-- SOURCE MATERIAL follows --
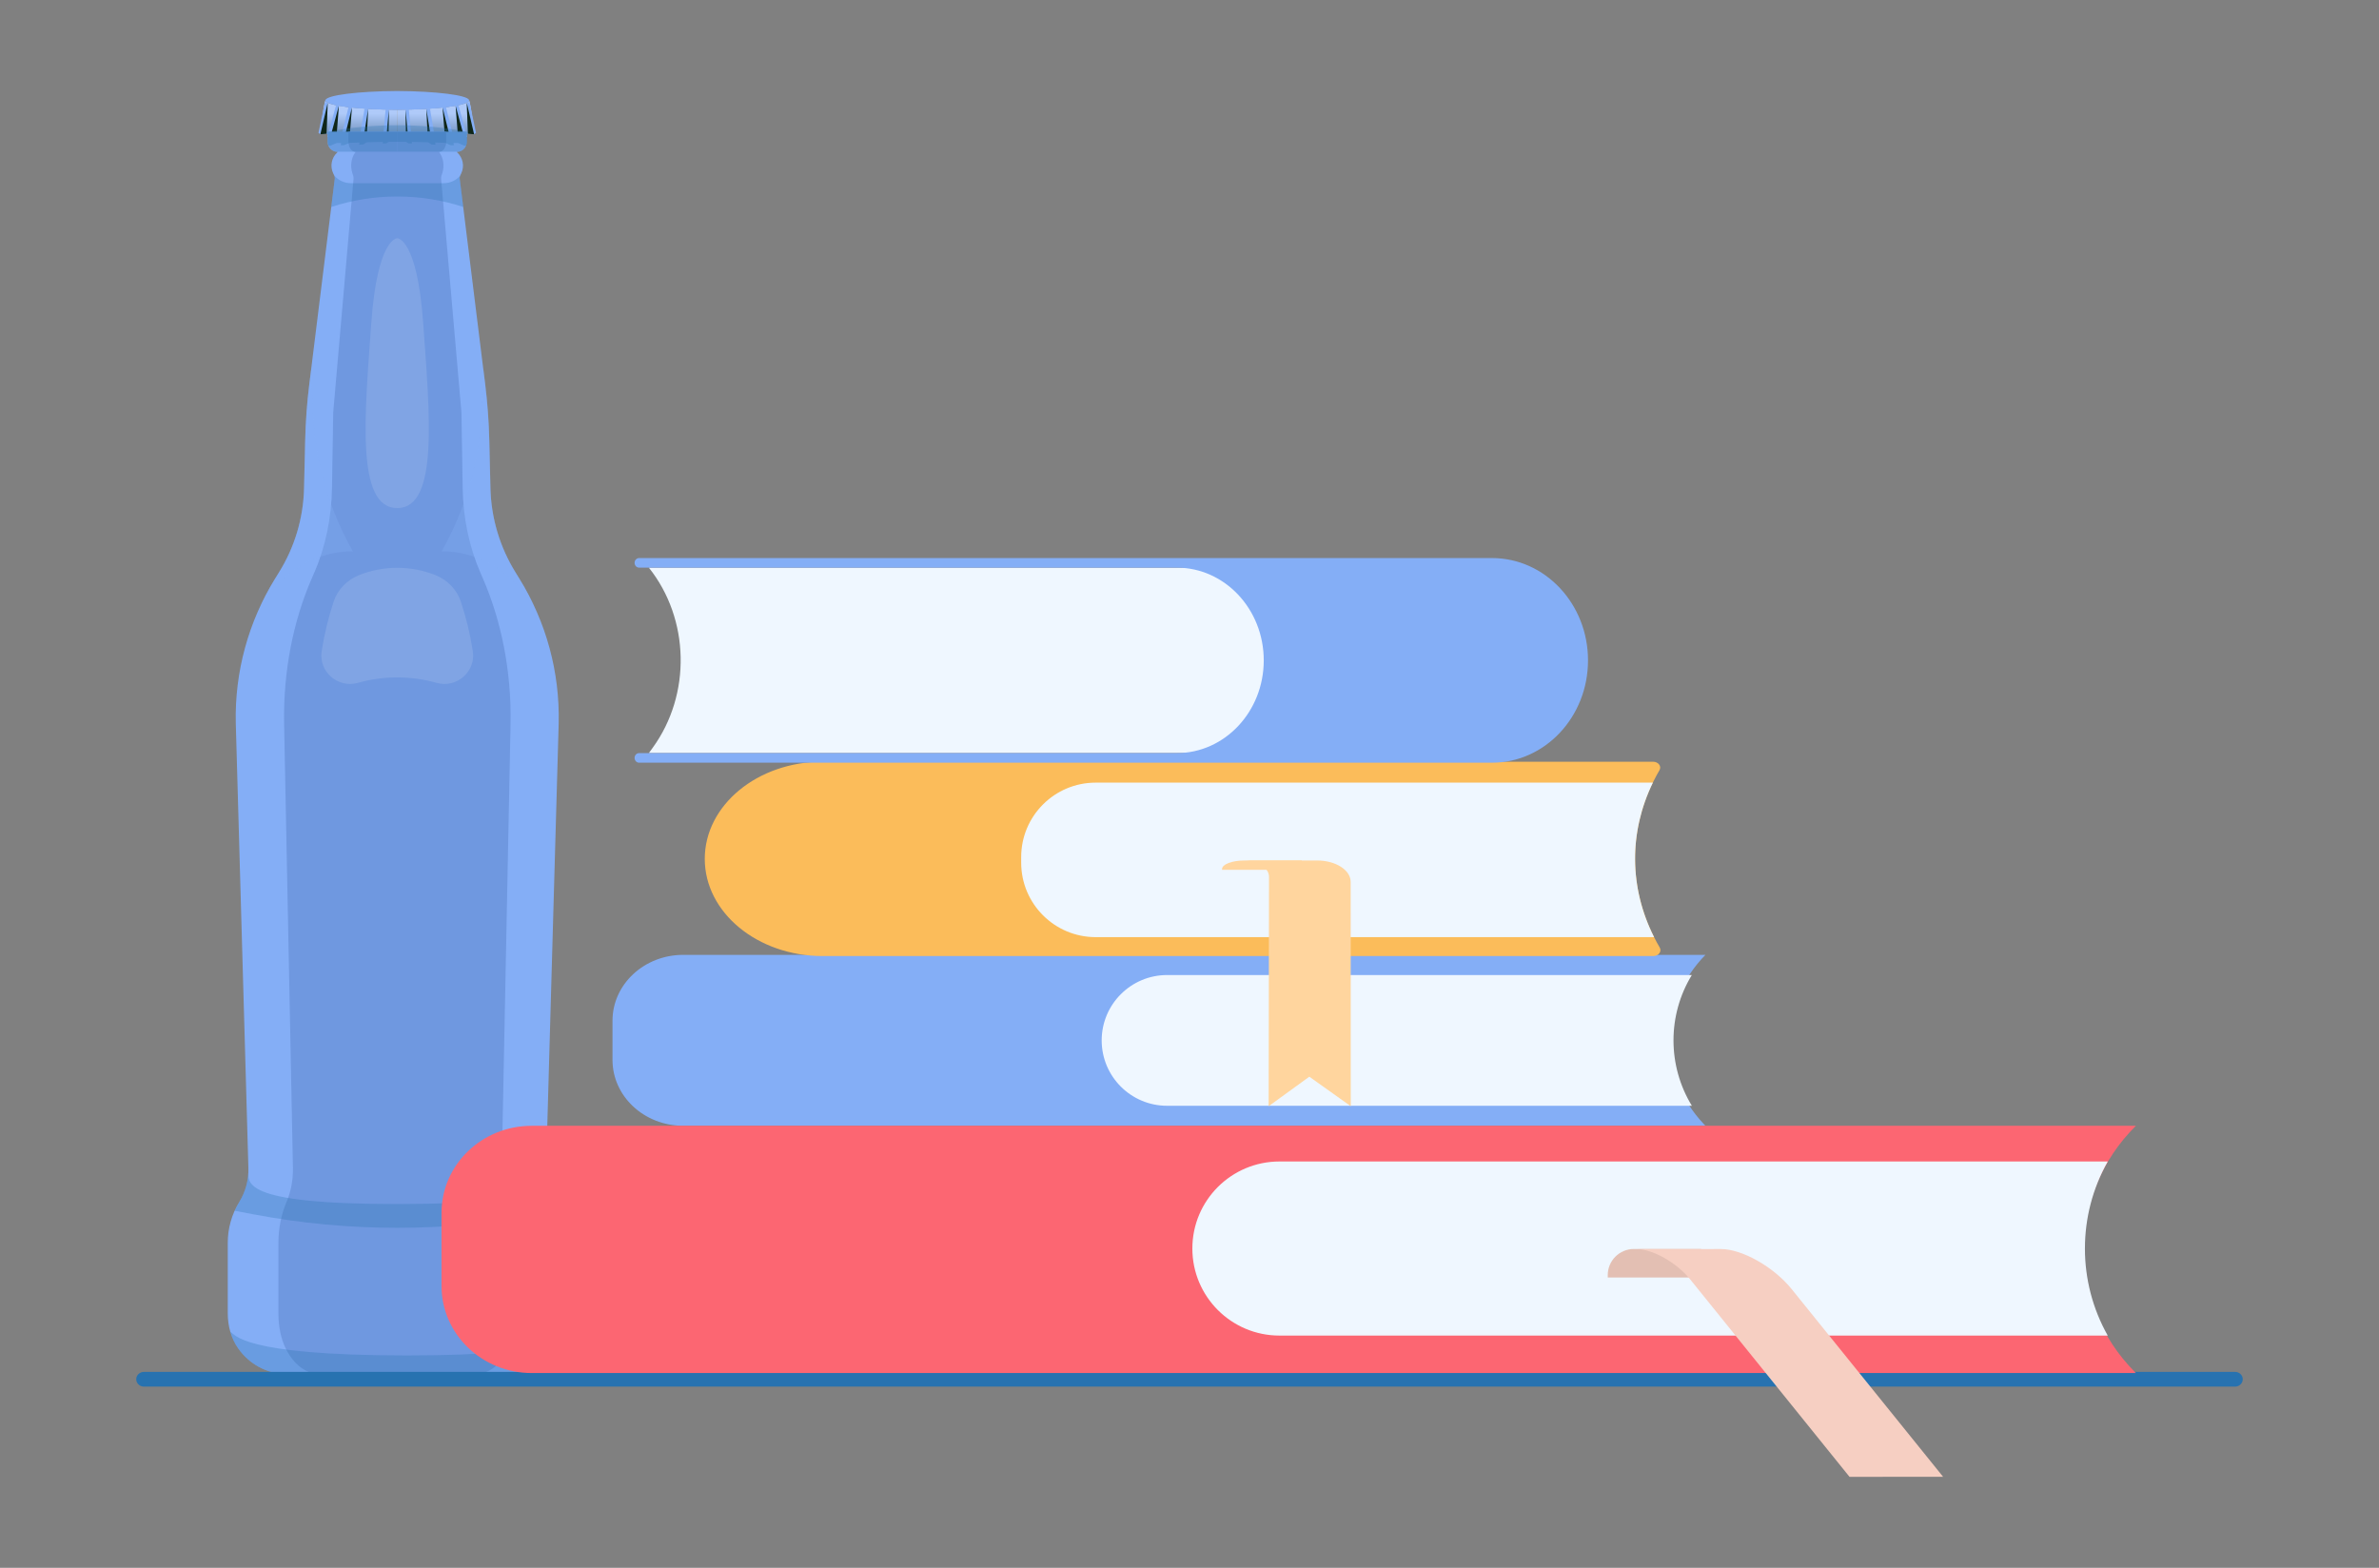 <svg width="575" height="379" viewBox="0 0 575 379" fill="none" xmlns="http://www.w3.org/2000/svg">
<rect x="0" y="0" width="575" height="379" fill="#808080" stroke="none"/>
<g clip-path="url(#clip0_478_6549)">
<path d="M78.643 24.276C78.643 24.276 78.643 24.217 78.658 24.187C78.105 25.809 77.552 31.224 77.552 31.492C77.552 32.741 85.811 33.753 96.011 33.768V26.538C86.364 26.493 78.643 25.496 78.643 24.261V24.276Z" fill="#84AEF6"/>
<path d="M113.395 24.276C113.395 24.276 113.395 24.217 113.38 24.187C113.932 25.809 114.485 31.224 114.485 31.492C114.485 32.741 106.226 33.753 96.026 33.768V26.538C105.674 26.493 113.395 25.496 113.395 24.261V24.276Z" fill="#84AEF6"/>
<path style="mix-blend-mode:multiply" opacity="0.35" d="M113.365 24.172C113.365 24.202 113.38 24.232 113.38 24.261C113.38 25.481 105.659 26.493 96.011 26.538C86.364 26.493 78.643 25.496 78.643 24.261C78.643 24.232 78.643 24.202 78.658 24.172C78.105 25.794 77.552 31.209 77.552 31.477C77.552 32.726 85.811 33.738 96.011 33.753C106.211 33.753 114.47 32.726 114.47 31.477C114.47 31.209 113.932 25.794 113.365 24.172Z" fill="url(#paint0_linear_478_6549)"/>
<path d="M113.365 24.172C112.977 22.997 105.405 22.045 96.011 22C86.618 22.045 79.046 22.997 78.658 24.172C78.658 24.202 78.643 24.232 78.643 24.261C78.643 25.481 86.364 26.493 96.011 26.537C105.659 26.493 113.38 25.496 113.38 24.261C113.38 24.232 113.38 24.202 113.365 24.172Z" fill="#84AEF6"/>
<path d="M78.643 24.276L76.97 32.101L77.433 32.458L78.941 32.339L79.21 24.841L78.628 24.678L78.643 24.276Z" fill="#84AEF6"/>
<path d="M81.226 25.436L79.106 33.083L79.823 33.247L81.361 32.86L81.898 25.57L81.226 25.436Z" fill="#84AEF6"/>
<path d="M84.228 25.913L82.361 33.515L83.168 33.634L84.497 33.247L85.064 26.002L84.228 25.913Z" fill="#84AEF6"/>
<path d="M88.111 26.27L86.812 33.976L87.767 34.021L88.649 33.559L88.977 26.329L88.111 26.27Z" fill="#84AEF6"/>
<path d="M93.204 26.493L92.502 34.095H93.308L93.935 33.738L93.98 26.508L93.204 26.493Z" fill="#84AEF6"/>
<path d="M77.433 32.459L78.941 32.34L79.21 24.842L77.433 32.459Z" fill="#102618"/>
<path d="M79.823 33.247L81.361 32.86L81.898 25.571L79.823 33.247Z" fill="#102618"/>
<path d="M83.168 33.634L84.497 33.247L85.064 26.002L83.168 33.634Z" fill="#102618"/>
<path d="M87.767 34.02L88.649 33.559L88.977 26.329L87.767 34.02Z" fill="#102618"/>
<path d="M93.308 34.095L93.935 33.738L93.98 26.508L93.308 34.095Z" fill="#102618"/>
<path d="M113.395 24.276L115.052 32.101L114.589 32.458L113.081 32.339L112.812 24.841L113.41 24.678L113.395 24.276Z" fill="#84AEF6"/>
<path d="M110.811 25.436L112.917 33.083L112.215 33.247L110.677 32.86L110.124 25.57L110.811 25.436Z" fill="#84AEF6"/>
<path d="M107.794 25.913L109.676 33.515L108.87 33.634L107.54 33.247L106.973 26.002L107.794 25.913Z" fill="#84AEF6"/>
<path d="M103.926 26.27L105.226 33.976L104.255 34.021L103.389 33.559L103.06 26.329L103.926 26.27Z" fill="#84AEF6"/>
<path d="M98.819 26.493L99.521 34.095H98.714L98.087 33.738L98.042 26.508L98.819 26.493Z" fill="#84AEF6"/>
<path d="M114.589 32.459L113.081 32.34L112.812 24.842L114.589 32.459Z" fill="#102618"/>
<path d="M112.215 33.247L110.677 32.86L110.124 25.571L112.215 33.247Z" fill="#102618"/>
<path d="M108.87 33.634L107.54 33.247L106.973 26.002L108.87 33.634Z" fill="#102618"/>
<path d="M104.255 34.02L103.389 33.559L103.06 26.329L104.255 34.02Z" fill="#102618"/>
<path d="M98.714 34.095L98.087 33.738L98.042 26.508L98.714 34.095Z" fill="#102618"/>
<path d="M96.011 26.121C88.649 26.091 82.391 25.645 79.613 25.005C81.973 25.868 88.395 26.508 96.011 26.537C103.643 26.508 110.049 25.868 112.409 25.005C109.631 25.645 103.359 26.091 96.011 26.121Z" fill="#84AEF6"/>
<path d="M134.198 290.572C132.69 288.117 131.928 285.276 131.988 282.39L135.034 174.815C135.318 162.482 132.018 150.313 125.491 139.825L124.595 138.367C120.802 132.237 118.711 125.216 118.532 118.03L118.263 106.59C118.159 101.993 117.815 97.411 117.263 92.858L111.11 43.199C111.08 42.947 111.11 42.679 111.229 42.456L111.498 41.875C112.29 40.179 111.901 38.171 110.542 36.877L110.393 36.728C111.737 36.728 112.827 35.642 112.827 34.288V31.848H79.18V34.288C79.18 35.627 80.27 36.728 81.629 36.728L81.48 36.877C80.121 38.156 79.733 40.179 80.524 41.875L80.793 42.456C80.898 42.694 80.943 42.947 80.913 43.199L74.76 92.858C74.192 97.411 73.864 101.993 73.759 106.59L73.49 118.03C73.326 125.23 71.235 132.252 67.427 138.367L66.531 139.81C60.02 150.313 56.704 162.467 56.988 174.815L60.035 282.39C60.109 285.276 59.333 288.117 57.824 290.572C56.002 293.547 55.047 296.954 55.047 300.435V317.454C55.047 320.489 55.838 323.524 57.6 326.009C60.244 329.758 64.336 331.915 68.637 332.168L85.348 333.105C92.457 333.507 99.581 333.507 106.689 333.105L123.401 332.168C127.702 331.93 131.794 329.773 134.437 326.009C136.184 323.524 136.991 320.489 136.991 317.454V300.435C136.991 296.954 136.035 293.547 134.213 290.572H134.198Z" fill="#84AEF6"/>
<path d="M122.818 290.572C121.758 288.117 121.22 285.276 121.265 282.39L123.401 174.815C123.61 162.482 121.28 150.313 116.71 139.825L116.083 138.367C113.41 132.237 111.946 125.216 111.827 118.03L111.528 99.702L106.615 43.199C106.6 42.947 106.615 42.679 106.704 42.456L106.898 41.875C107.451 40.179 107.182 38.171 106.226 36.877L106.122 36.728C107.063 36.728 107.839 35.642 107.839 34.288V31.848H84.228V34.288C84.228 35.627 84.99 36.728 85.945 36.728L85.841 36.877C84.885 38.156 84.616 40.179 85.169 41.875L85.363 42.456C85.438 42.694 85.468 42.947 85.453 43.199L80.539 99.702L80.241 118.03C80.121 125.23 78.658 132.252 75.984 138.367L75.357 139.81C70.787 150.313 68.457 162.467 68.667 174.815L70.802 282.39C70.847 285.276 70.309 288.117 69.249 290.572C67.98 293.547 67.293 296.954 67.293 300.435V317.469C67.293 320.504 67.845 323.539 69.085 326.024C70.937 329.773 73.819 331.93 76.836 332.183L88.574 333.12C93.562 333.521 98.565 333.521 103.553 333.12L115.291 332.183C118.308 331.945 121.175 329.787 123.042 326.024C124.267 323.539 124.834 320.504 124.834 317.469V300.435C124.834 296.954 124.162 293.547 122.878 290.572H122.818Z" fill="#6F98E0"/>
<path opacity="0.3" d="M114.276 157.394C113.634 153.259 112.663 149.257 111.379 145.419C110.408 142.488 108.108 140.167 105.226 139.021C99.312 136.671 92.711 136.671 86.797 139.021C83.915 140.167 81.629 142.488 80.644 145.419C79.374 149.257 78.404 153.259 77.747 157.394C76.97 162.348 81.644 166.425 86.498 165.071C92.711 163.315 99.297 163.315 105.524 165.071C110.363 166.44 115.052 162.348 114.276 157.394Z" fill="white" fill-opacity="0.4"/>
<g style="mix-blend-mode:multiply" opacity="0.3">
<path d="M55.659 321.932C56.077 323.375 56.719 324.759 57.585 326.009C60.229 329.758 64.321 331.915 68.622 332.168L85.333 333.105C92.442 333.507 99.566 333.507 106.674 333.105L123.386 332.168C127.687 331.93 131.779 329.772 134.422 326.009C135.303 324.759 135.93 323.39 136.349 321.932C135.243 322.453 138.663 327.66 98.371 327.66C58.078 327.66 56.854 322.498 55.644 321.932H55.659Z" fill="#2772B0"/>
</g>
<g style="mix-blend-mode:multiply" opacity="0.3">
<path d="M75.193 89.288L74.745 92.859C74.177 97.411 73.849 101.993 73.744 106.59L73.475 118.03C73.311 125.231 71.22 132.252 67.412 138.367L66.516 139.825C65.306 141.774 64.246 143.797 63.26 145.85L67.039 141.521C71.638 136.269 78.284 133.264 85.288 133.279C79.449 122.954 76.134 111.395 75.626 99.553L75.178 89.288H75.193Z" fill="#84AEF6"/>
</g>
<g style="mix-blend-mode:multiply" opacity="0.3">
<path d="M81.301 36.683H96.011V31.848H79.195V34.288C79.195 35.523 80.106 36.52 81.301 36.683Z" fill="#2772B0"/>
</g>
<g style="mix-blend-mode:multiply" opacity="0.3">
<path d="M116.844 89.288L117.292 92.859C117.86 97.411 118.189 101.993 118.293 106.59L118.562 118.03C118.726 125.231 120.817 132.252 124.625 138.367L125.521 139.825C126.731 141.774 127.791 143.797 128.777 145.85L124.999 141.521C120.399 136.269 113.753 133.264 106.749 133.279C112.588 122.954 115.904 111.395 116.411 99.553L116.859 89.288H116.844Z" fill="#84AEF6"/>
</g>
<g style="mix-blend-mode:multiply" opacity="0.3">
<path d="M134.198 290.572C132.72 288.162 131.973 285.38 132.003 282.553C132.003 285.529 134.542 291.063 96.011 291.063C57.481 291.063 60.02 285.797 60.02 282.553C60.05 285.38 59.303 288.162 57.824 290.572C57.406 291.256 57.063 291.956 56.734 292.685L61.274 293.547C84.213 297.892 107.779 297.892 130.718 293.547L135.258 292.685C134.945 291.971 134.586 291.256 134.168 290.572H134.198Z" fill="#2772B0"/>
</g>
<g style="mix-blend-mode:multiply" opacity="0.3">
<path d="M111.125 43.184C111.095 42.932 111.125 42.664 111.244 42.441C110.244 43.616 108.78 44.285 107.242 44.285H84.796C83.257 44.285 81.794 43.616 80.793 42.441C80.898 42.679 80.943 42.932 80.913 43.184L80.061 50.028C90.426 46.651 101.612 46.651 111.976 50.028L111.125 43.184Z" fill="#2772B0"/>
</g>
<g style="mix-blend-mode:multiply" opacity="0.3">
<path d="M110.736 36.683H96.026V31.848H112.842V34.288C112.842 35.523 111.931 36.52 110.736 36.683Z" fill="#2772B0"/>
</g>
<g style="mix-blend-mode:multiply" opacity="0.3">
<path d="M96.011 30.271C90.381 30.271 84.751 30.792 79.195 31.848V34.288C79.195 34.288 79.225 34.422 79.24 34.496C79.255 34.496 79.285 34.496 79.3 34.496C79.3 34.541 79.285 34.571 79.27 34.615C79.3 34.824 79.33 35.017 79.404 35.196C79.539 35.196 79.688 35.211 79.823 35.225C80.33 35.002 80.838 34.779 81.361 34.571C81.704 34.571 82.078 34.571 82.481 34.571C82.436 34.749 82.391 34.913 82.361 35.092C82.63 35.092 82.899 35.092 83.168 35.092C83.616 34.898 84.049 34.72 84.497 34.526C85.244 34.496 86.05 34.467 86.901 34.452C86.871 34.63 86.842 34.809 86.812 34.987C87.125 34.973 87.454 34.943 87.767 34.928C88.051 34.749 88.35 34.571 88.634 34.392C89.873 34.363 91.172 34.318 92.546 34.303C92.546 34.437 92.517 34.556 92.517 34.69C92.785 34.69 93.054 34.675 93.323 34.66C93.532 34.541 93.741 34.407 93.95 34.288C94.637 34.288 95.324 34.288 96.041 34.288C96.743 34.288 97.445 34.288 98.132 34.288C98.341 34.407 98.55 34.541 98.759 34.66C99.028 34.66 99.297 34.675 99.566 34.69C99.566 34.556 99.536 34.437 99.536 34.303C100.895 34.318 102.209 34.348 103.448 34.392C103.732 34.571 104.031 34.749 104.315 34.928C104.643 34.943 104.957 34.958 105.27 34.987C105.241 34.809 105.211 34.63 105.181 34.452C106.032 34.482 106.839 34.511 107.585 34.526C108.033 34.705 108.466 34.898 108.914 35.092C109.183 35.092 109.452 35.092 109.721 35.092C109.676 34.913 109.631 34.749 109.601 34.571C109.99 34.571 110.363 34.571 110.721 34.571C111.229 34.794 111.737 35.002 112.26 35.225C112.394 35.225 112.543 35.211 112.678 35.196C112.752 35.017 112.782 34.824 112.812 34.615C112.812 34.571 112.797 34.541 112.782 34.496C112.797 34.496 112.812 34.496 112.842 34.496C112.842 34.422 112.887 34.363 112.887 34.288V31.848C107.331 30.792 101.701 30.271 96.071 30.271H96.011Z" fill="#2772B0"/>
</g>
<path opacity="0.3" d="M102.284 78.101C100.82 57.511 96.011 57.586 96.011 57.586C96.011 57.586 91.217 57.511 89.739 78.101C88.171 100.178 85.931 122.821 96.011 122.821C106.077 122.821 103.852 100.178 102.284 78.101Z" fill="white" fill-opacity="0.4"/>
</g>
<g clip-path="url(#clip1_478_6549)">
<path d="M540.221 335.194H34.779C33.755 335.194 32.929 334.397 32.929 333.413C32.929 332.429 33.759 331.633 34.779 331.633H540.221C541.244 331.633 542.07 332.429 542.07 333.413C542.07 334.397 541.241 335.194 540.221 335.194Z" fill="#2772B0"/>
<path d="M412.203 272.14H165.126C155.689 272.14 148.04 265.009 148.04 256.215V246.746C148.04 237.952 155.689 230.822 165.126 230.822H412.203C400.902 242.336 400.705 259.931 411.749 271.66L412.203 272.143V272.14Z" fill="#84AEF6"/>
<path d="M408.913 235.7H282.088C273.355 235.7 266.275 242.776 266.275 251.503C266.275 260.229 273.355 267.305 282.088 267.305H408.923C402.995 257.61 403.008 245.369 408.913 235.697V235.7Z" fill="#EFF7FF"/>
<path d="M401.097 186.177C401.651 185.229 400.812 184.132 399.536 184.132H198.823C183.092 184.132 170.34 194.648 170.34 207.621C170.34 220.594 183.092 231.111 198.823 231.111H399.591C400.874 231.111 401.713 230.007 401.156 229.055C393.207 215.477 393.227 199.691 401.097 186.174V186.177Z" fill="#FBBC5A"/>
<path d="M399.497 189.188H264.83C254.883 189.188 246.818 197.247 246.818 207.187V208.537C246.818 218.477 254.883 226.537 264.83 226.537H399.786C393.751 214.567 393.687 201.151 399.497 189.188Z" fill="#EFF7FF"/>
<path d="M156.827 182.044H286.357C297.842 182.044 307.154 172.01 307.154 159.632C307.154 147.255 297.842 137.22 286.357 137.22H156.827C166.728 149.647 167.114 167.873 157.75 180.772L156.827 182.047V182.044Z" fill="#EFF7FF"/>
<path d="M305.447 159.632C305.447 147.255 296.028 137.22 284.41 137.22H154.469C153.863 137.22 153.374 136.693 153.377 136.049C153.384 135.411 153.87 134.9 154.469 134.9H360.604C373.427 134.9 383.821 145.973 383.821 159.635C383.821 173.298 373.427 184.371 360.604 184.371H154.469C153.87 184.371 153.384 183.856 153.377 183.222C153.371 182.578 153.86 182.05 154.469 182.05H284.41C296.028 182.05 305.447 172.016 305.447 159.639V159.632Z" fill="#84AEF6"/>
<path d="M314.63 208.01H300.767C297.787 208.01 295.371 208.932 295.371 210.075V210.259H314.63V208.01Z" fill="#FFD59E"/>
<path d="M326.455 213.185C326.455 210.327 322.834 208.01 318.371 208.01H300.582C303.97 208.01 306.714 209.767 306.714 211.936L306.629 267.408L316.46 260.274L326.478 267.408L326.458 213.188L326.455 213.185Z" fill="#FFD59E"/>
<path d="M516.244 272.143H128.519C116.48 272.143 106.718 281.563 106.718 293.18V310.875C106.718 322.492 116.48 331.912 128.519 331.912H516.244L516.04 331.708C499.454 315.049 499.541 288.698 516.244 272.143Z" fill="#FC6672"/>
<path d="M509.441 280.77H309.246C297.619 280.77 288.19 290.192 288.19 301.812C288.19 313.432 297.619 322.855 309.246 322.855H509.438C502.079 309.827 502.089 293.788 509.441 280.77Z" fill="#EFF7FF"/>
<path d="M411.145 301.922H394.911C391.419 301.922 388.588 304.751 388.588 308.241V308.807H411.145V301.926V301.922Z" fill="#E3BFB3"/>
<path d="M395.575 301.945C399.455 301.945 405.25 305.224 408.518 309.276L447.026 357.003L469.644 356.99L433.021 311.6C428.713 306.26 421.072 301.932 415.955 301.935L395.575 301.948V301.945Z" fill="#F6CFC2"/>
</g>
<defs>
<linearGradient id="paint0_linear_478_6549" x1="96.011" y1="27.46" x2="96.011" y2="39.004" gradientUnits="userSpaceOnUse">
<stop stop-color="white"/>
<stop offset="0.62" stop-color="#102618"/>
</linearGradient>
<clipPath id="clip0_478_6549">
<rect width="81.944" height="311.388" fill="white" transform="translate(55.047 22)"/>
</clipPath>
<clipPath id="clip1_478_6549">
<rect width="509.141" height="222.104" fill="white" transform="translate(32.929 134.896)"/>
</clipPath>
</defs>
</svg>
-- SOURCE MATERIAL concluded --
WHAT IS REQUIRED
Copy word for word every line from the start of the material through the line holding "25.913L82.361 33.515L83.168 33.634L84.497". The pictures are not part of the copy.

YOUR SOLUTION
 <svg width="575" height="379" viewBox="0 0 575 379" fill="none" xmlns="http://www.w3.org/2000/svg">
<rect x="0" y="0" width="575" height="379" fill="#808080" stroke="none"/>
<g clip-path="url(#clip0_478_6549)">
<path d="M78.643 24.276C78.643 24.276 78.643 24.217 78.658 24.187C78.105 25.809 77.552 31.224 77.552 31.492C77.552 32.741 85.811 33.753 96.011 33.768V26.538C86.364 26.493 78.643 25.496 78.643 24.261V24.276Z" fill="#84AEF6"/>
<path d="M113.395 24.276C113.395 24.276 113.395 24.217 113.38 24.187C113.932 25.809 114.485 31.224 114.485 31.492C114.485 32.741 106.226 33.753 96.026 33.768V26.538C105.674 26.493 113.395 25.496 113.395 24.261V24.276Z" fill="#84AEF6"/>
<path style="mix-blend-mode:multiply" opacity="0.35" d="M113.365 24.172C113.365 24.202 113.38 24.232 113.38 24.261C113.38 25.481 105.659 26.493 96.011 26.538C86.364 26.493 78.643 25.496 78.643 24.261C78.643 24.232 78.643 24.202 78.658 24.172C78.105 25.794 77.552 31.209 77.552 31.477C77.552 32.726 85.811 33.738 96.011 33.753C106.211 33.753 114.47 32.726 114.47 31.477C114.47 31.209 113.932 25.794 113.365 24.172Z" fill="url(#paint0_linear_478_6549)"/>
<path d="M113.365 24.172C112.977 22.997 105.405 22.045 96.011 22C86.618 22.045 79.046 22.997 78.658 24.172C78.658 24.202 78.643 24.232 78.643 24.261C78.643 25.481 86.364 26.493 96.011 26.537C105.659 26.493 113.38 25.496 113.38 24.261C113.38 24.232 113.38 24.202 113.365 24.172Z" fill="#84AEF6"/>
<path d="M78.643 24.276L76.97 32.101L77.433 32.458L78.941 32.339L79.21 24.841L78.628 24.678L78.643 24.276Z" fill="#84AEF6"/>
<path d="M81.226 25.436L79.106 33.083L79.823 33.247L81.361 32.86L81.898 25.57L81.226 25.436Z" fill="#84AEF6"/>
<path d="M84.228 25.913L82.361 33.515L83.168 33.634L84.497 33.247L85.064 26.002L84.228 25.913Z" fill="#84AEF6"/>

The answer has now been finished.